Interesting. If possible, add flushLog(); after line 237 in src/bogart/AS_BAT_markRepeatReads.C. It should look like this when done:

if (rid == UINT32_MAX) {
  fprintf(stderr, "Failed to place read %u at %u-%u\n", frg.ident, frgbgn, frgend);
  for (uint32 ii=0; ii<BP.size(); ii++)
    fprintf(stderr, "Breakpoints %2u %8u-%8u repeat %u\n", ii, BP[ii]._bgn, BP[ii]._end, BP[ii]._isRepeat);
  flushLog();  //  ADD THIS LINE
}
assert(rid != UINT32_MAX);  //  We searched all the BP's, the read had better be placed!

Then, recompile, rerun, and attach the _markRepeatReads_log file in the 4-unitigger directory.

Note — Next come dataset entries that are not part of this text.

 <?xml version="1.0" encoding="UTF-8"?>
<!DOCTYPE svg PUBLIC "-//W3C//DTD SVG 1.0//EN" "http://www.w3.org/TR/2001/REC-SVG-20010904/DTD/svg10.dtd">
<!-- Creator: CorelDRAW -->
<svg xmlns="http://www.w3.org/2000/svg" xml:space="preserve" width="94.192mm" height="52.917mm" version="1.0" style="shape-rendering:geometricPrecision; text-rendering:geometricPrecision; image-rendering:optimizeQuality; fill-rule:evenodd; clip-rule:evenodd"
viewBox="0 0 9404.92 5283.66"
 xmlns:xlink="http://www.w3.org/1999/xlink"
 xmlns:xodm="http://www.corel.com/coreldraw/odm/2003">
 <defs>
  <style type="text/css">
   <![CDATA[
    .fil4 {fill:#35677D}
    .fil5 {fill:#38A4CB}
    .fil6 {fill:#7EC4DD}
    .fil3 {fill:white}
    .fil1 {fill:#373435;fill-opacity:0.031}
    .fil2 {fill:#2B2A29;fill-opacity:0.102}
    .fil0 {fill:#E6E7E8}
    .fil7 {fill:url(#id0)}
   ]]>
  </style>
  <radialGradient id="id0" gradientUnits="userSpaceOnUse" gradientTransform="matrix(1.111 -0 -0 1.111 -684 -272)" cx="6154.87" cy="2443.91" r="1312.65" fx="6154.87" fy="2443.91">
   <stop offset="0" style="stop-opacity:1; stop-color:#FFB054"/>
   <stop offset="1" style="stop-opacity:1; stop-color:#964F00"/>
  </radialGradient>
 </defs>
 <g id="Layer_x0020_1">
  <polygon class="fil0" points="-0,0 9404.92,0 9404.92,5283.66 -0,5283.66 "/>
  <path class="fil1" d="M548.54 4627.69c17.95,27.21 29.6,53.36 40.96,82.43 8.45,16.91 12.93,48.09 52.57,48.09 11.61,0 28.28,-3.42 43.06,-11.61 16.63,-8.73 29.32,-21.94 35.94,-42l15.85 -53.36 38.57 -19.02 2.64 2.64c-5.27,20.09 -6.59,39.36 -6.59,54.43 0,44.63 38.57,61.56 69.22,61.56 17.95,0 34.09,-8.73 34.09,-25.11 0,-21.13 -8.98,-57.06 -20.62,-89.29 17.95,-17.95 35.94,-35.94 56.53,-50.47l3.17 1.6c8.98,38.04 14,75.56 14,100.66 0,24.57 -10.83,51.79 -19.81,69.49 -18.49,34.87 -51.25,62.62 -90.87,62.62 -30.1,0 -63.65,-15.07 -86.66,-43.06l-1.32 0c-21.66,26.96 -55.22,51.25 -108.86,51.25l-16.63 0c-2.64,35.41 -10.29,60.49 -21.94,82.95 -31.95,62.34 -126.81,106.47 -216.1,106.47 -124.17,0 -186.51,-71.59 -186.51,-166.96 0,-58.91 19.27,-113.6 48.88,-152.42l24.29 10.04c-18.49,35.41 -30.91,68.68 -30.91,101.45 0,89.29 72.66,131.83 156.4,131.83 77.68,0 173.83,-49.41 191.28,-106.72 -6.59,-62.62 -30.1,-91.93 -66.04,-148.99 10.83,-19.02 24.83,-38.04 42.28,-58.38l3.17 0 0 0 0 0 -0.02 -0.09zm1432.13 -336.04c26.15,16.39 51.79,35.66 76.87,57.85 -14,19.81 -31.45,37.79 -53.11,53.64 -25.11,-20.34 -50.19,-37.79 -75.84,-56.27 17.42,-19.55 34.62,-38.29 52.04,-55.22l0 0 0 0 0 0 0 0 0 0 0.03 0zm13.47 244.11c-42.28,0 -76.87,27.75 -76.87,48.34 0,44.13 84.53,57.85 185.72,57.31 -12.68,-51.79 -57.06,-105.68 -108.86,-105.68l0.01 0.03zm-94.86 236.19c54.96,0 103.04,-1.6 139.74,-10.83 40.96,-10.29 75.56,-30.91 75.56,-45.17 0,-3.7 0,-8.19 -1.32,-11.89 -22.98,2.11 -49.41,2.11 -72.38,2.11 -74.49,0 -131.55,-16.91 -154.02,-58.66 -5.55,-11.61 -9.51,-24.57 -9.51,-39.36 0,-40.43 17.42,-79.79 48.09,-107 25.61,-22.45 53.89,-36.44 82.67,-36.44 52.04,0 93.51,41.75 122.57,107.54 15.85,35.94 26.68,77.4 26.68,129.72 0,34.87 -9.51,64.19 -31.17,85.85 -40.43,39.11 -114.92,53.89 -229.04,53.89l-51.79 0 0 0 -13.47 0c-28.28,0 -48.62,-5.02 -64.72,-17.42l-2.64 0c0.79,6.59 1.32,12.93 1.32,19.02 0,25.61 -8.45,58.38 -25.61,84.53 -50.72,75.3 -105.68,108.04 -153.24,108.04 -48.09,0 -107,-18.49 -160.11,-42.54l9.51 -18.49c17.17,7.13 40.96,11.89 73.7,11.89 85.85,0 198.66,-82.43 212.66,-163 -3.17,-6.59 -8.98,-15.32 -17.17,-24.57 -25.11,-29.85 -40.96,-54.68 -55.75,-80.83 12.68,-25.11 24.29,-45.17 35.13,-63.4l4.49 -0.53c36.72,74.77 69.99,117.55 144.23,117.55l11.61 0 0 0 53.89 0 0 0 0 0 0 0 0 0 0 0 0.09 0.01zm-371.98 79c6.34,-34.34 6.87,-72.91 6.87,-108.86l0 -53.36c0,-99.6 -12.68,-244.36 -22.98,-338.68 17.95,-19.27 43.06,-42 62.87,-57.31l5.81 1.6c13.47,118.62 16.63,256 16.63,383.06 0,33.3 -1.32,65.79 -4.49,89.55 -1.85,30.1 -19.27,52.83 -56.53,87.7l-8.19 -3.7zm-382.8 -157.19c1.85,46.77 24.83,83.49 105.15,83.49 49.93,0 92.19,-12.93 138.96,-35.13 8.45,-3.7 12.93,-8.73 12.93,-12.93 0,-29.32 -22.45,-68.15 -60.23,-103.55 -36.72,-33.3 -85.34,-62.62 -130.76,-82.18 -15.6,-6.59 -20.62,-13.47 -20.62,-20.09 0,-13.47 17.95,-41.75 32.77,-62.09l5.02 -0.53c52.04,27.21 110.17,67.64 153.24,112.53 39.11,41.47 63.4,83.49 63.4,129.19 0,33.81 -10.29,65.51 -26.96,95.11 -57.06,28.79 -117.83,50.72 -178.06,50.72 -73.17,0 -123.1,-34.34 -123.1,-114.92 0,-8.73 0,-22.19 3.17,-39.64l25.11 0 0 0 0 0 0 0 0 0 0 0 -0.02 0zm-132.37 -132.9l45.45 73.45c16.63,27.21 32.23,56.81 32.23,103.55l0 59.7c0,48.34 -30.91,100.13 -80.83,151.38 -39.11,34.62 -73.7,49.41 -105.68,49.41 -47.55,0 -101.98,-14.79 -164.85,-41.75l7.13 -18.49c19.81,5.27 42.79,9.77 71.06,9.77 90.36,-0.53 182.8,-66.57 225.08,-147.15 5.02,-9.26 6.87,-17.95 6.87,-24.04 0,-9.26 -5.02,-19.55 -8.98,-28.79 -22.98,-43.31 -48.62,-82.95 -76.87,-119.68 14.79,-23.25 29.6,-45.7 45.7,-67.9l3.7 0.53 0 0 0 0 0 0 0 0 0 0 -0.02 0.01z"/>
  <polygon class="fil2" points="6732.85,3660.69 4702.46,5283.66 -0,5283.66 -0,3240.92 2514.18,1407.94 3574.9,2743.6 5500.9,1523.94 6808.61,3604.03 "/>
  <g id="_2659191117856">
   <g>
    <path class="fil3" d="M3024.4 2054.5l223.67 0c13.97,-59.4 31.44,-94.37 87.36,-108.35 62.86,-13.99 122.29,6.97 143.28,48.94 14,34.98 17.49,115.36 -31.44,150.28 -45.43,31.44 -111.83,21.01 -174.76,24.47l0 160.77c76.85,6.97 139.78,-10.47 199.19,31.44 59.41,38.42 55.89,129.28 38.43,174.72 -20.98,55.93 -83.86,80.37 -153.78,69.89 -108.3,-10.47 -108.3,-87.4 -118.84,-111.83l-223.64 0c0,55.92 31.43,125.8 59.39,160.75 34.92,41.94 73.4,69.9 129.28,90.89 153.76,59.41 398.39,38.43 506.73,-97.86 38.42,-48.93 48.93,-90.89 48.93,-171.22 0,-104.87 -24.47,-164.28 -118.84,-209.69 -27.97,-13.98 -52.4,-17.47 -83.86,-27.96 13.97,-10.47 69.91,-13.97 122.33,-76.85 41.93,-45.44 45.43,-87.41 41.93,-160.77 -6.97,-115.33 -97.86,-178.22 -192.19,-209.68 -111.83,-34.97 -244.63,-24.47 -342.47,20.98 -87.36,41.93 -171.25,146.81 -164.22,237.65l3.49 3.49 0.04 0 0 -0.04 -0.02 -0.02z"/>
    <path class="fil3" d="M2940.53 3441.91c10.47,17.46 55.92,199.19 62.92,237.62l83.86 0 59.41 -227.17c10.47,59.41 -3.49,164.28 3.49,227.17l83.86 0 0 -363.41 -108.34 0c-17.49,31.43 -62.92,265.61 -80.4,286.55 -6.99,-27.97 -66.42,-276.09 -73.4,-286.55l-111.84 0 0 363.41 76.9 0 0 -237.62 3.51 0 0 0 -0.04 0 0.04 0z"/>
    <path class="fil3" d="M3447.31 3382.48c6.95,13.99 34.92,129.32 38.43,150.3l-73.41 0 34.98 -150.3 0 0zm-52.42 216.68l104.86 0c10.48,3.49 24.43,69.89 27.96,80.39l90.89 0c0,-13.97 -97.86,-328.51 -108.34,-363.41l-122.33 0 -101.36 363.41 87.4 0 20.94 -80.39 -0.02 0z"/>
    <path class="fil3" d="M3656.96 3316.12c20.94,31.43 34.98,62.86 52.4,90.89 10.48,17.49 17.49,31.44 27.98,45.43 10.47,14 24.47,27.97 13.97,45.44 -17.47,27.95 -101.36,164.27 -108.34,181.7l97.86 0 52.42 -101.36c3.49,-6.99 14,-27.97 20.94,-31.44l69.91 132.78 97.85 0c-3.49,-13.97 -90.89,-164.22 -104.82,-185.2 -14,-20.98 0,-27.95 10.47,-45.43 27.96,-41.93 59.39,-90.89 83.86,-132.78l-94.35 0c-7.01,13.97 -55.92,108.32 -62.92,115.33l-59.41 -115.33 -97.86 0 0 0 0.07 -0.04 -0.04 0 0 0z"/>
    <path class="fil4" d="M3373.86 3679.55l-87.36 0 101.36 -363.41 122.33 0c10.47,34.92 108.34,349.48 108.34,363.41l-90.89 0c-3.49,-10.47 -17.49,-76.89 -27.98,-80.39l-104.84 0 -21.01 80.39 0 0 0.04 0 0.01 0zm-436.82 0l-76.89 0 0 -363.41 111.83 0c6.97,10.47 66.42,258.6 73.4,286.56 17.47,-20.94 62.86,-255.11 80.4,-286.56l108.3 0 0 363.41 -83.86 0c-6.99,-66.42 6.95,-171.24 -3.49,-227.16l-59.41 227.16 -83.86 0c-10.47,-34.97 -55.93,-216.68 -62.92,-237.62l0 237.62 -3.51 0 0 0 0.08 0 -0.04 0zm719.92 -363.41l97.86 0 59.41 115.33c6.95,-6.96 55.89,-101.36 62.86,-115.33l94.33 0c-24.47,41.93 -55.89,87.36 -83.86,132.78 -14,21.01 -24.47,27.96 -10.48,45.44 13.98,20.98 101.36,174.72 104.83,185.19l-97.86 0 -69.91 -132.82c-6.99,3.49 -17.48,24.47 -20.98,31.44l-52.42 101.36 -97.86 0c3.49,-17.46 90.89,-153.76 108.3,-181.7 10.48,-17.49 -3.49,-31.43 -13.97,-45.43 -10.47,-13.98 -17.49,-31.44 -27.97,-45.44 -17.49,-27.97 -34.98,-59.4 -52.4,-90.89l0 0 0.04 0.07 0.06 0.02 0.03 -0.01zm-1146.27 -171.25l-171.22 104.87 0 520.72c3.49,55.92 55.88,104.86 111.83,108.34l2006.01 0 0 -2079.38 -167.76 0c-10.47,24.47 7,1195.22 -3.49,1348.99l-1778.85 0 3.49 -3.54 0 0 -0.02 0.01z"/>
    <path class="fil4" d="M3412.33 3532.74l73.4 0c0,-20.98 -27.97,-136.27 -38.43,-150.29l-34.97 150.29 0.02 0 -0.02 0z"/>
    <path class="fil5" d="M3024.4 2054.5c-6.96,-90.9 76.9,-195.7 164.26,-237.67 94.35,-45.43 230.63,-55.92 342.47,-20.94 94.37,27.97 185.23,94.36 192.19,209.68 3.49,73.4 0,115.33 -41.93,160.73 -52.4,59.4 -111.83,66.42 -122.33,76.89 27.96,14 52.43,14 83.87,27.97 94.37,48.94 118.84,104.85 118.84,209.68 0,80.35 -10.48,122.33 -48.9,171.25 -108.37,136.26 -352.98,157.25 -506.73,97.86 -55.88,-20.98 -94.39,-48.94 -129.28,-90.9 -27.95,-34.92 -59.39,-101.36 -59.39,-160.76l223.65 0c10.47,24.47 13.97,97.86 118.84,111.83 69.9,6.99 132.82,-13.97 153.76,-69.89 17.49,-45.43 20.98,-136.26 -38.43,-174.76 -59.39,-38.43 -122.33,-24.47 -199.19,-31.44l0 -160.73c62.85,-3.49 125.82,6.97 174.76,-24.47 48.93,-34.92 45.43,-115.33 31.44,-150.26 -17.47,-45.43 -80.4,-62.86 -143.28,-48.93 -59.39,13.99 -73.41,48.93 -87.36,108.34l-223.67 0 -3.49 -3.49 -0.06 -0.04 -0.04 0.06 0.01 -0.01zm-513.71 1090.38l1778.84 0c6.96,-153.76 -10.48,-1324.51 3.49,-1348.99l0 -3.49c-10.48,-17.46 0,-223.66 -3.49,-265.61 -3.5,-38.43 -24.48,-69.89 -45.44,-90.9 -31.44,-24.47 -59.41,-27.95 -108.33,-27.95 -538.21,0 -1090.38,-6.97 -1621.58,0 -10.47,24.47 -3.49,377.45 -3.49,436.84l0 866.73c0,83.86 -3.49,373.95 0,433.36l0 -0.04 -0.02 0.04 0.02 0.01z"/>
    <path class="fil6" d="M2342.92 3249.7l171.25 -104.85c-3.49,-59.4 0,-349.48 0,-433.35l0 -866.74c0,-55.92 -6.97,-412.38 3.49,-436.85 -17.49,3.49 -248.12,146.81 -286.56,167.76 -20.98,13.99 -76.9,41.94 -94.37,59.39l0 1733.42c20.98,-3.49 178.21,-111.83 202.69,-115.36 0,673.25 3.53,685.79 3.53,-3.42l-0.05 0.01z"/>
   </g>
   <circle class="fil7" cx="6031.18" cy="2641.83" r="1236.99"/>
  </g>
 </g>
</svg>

(I'd rather have you edit than pull a new version from the repository, just in case we changed something that impacts this.)

— You are receiving this because you authored the thread. Reply to this email directly, view it on GitHub https://github.com/marbl/canu/issues/154#issuecomment-224463513, or mute the thread https://github.com/notifications/unsubscribe/AD0o9JmWVF9RKnZuA4hJIrDEZ_xxQK-gks5qJhyngaJpZM4IwdEJ .

brianwalenz commented 8 years ago

Nope, no need to restart from scratch.

Unfortunately, the email attachments get lost. You need to go to the issue on the web and attach it there (supposedly, by just drag-n-drop, but I've never tried that).

relyanow commented 8 years ago

sbal.008.markRepeatReads.thr000.num000.log.zip

brianwalenz commented 8 years ago

Thanks for the log.

The last commit should resolve the problem, but it will make more small contigs than before. From what I saw in the log, this might split a fair number of good sized contigs in your assembly.

If you want to rerun the 0.025 assembly (to make an apples-apples comparison), remove:

and restart canu. It'll run just 'bogart' and consensus.

Is this low coverage? The contigs are quite short, and there are a bunch of 1x coverage regions.

relyanow commented 8 years ago

Thanks, I'll try that. Yes, it's pretty low coverage, about 10X.

relyanow commented 8 years ago

The assembly completed successfully. Thanks for your help.